What to do:
For the data below, restate word for word only the lines from the line containing "to the east, in order: Barley; Sugar beet" through the line containing "longitude: -3.8063", both ends included.
#### Dataset excerpts ####
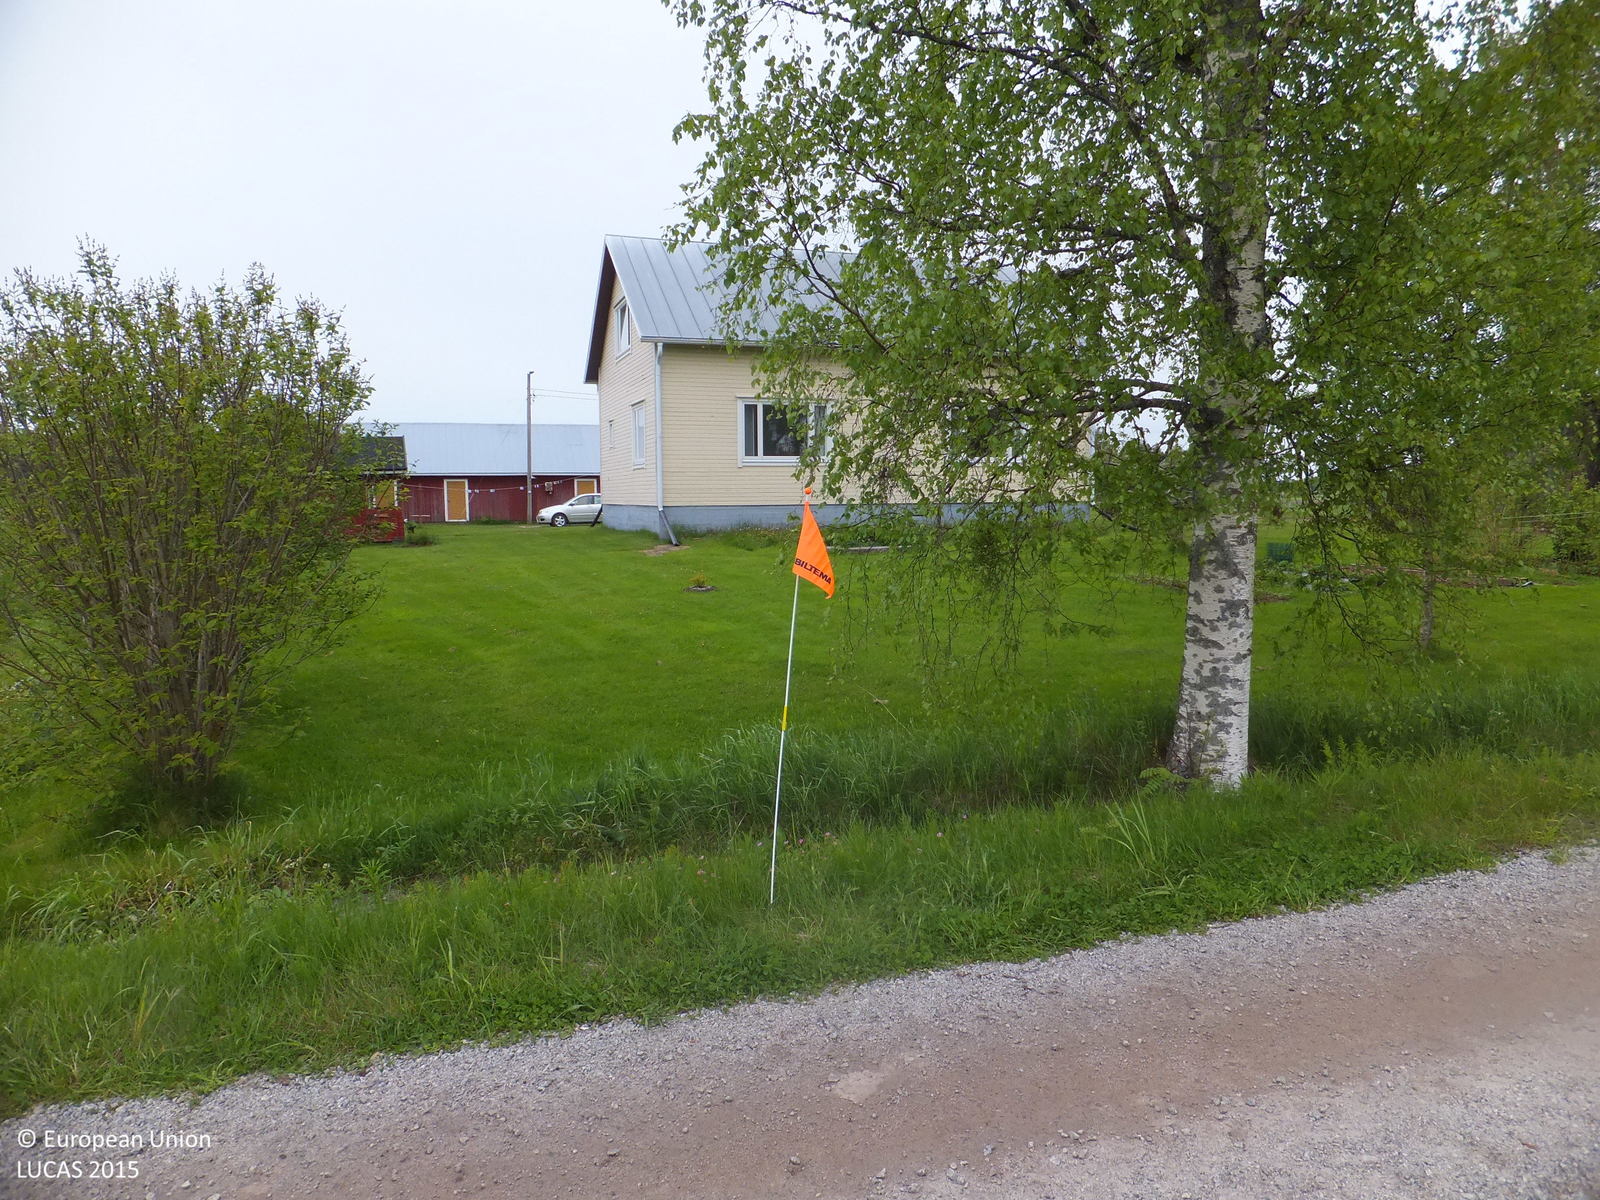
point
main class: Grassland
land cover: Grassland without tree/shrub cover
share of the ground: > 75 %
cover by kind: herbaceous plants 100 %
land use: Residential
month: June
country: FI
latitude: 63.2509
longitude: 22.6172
####
#### Dataset excerpts ####
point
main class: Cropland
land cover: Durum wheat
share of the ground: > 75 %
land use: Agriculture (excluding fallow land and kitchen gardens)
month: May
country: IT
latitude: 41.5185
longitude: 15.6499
####
#### Dataset excerpts ####
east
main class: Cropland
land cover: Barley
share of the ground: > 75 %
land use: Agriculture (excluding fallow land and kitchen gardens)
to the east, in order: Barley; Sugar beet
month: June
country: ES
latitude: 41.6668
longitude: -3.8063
####
Exercise answer:
to the east, in order: Barley; Sugar beet
month: June
country: ES
latitude: 41.6668
longitude: -3.8063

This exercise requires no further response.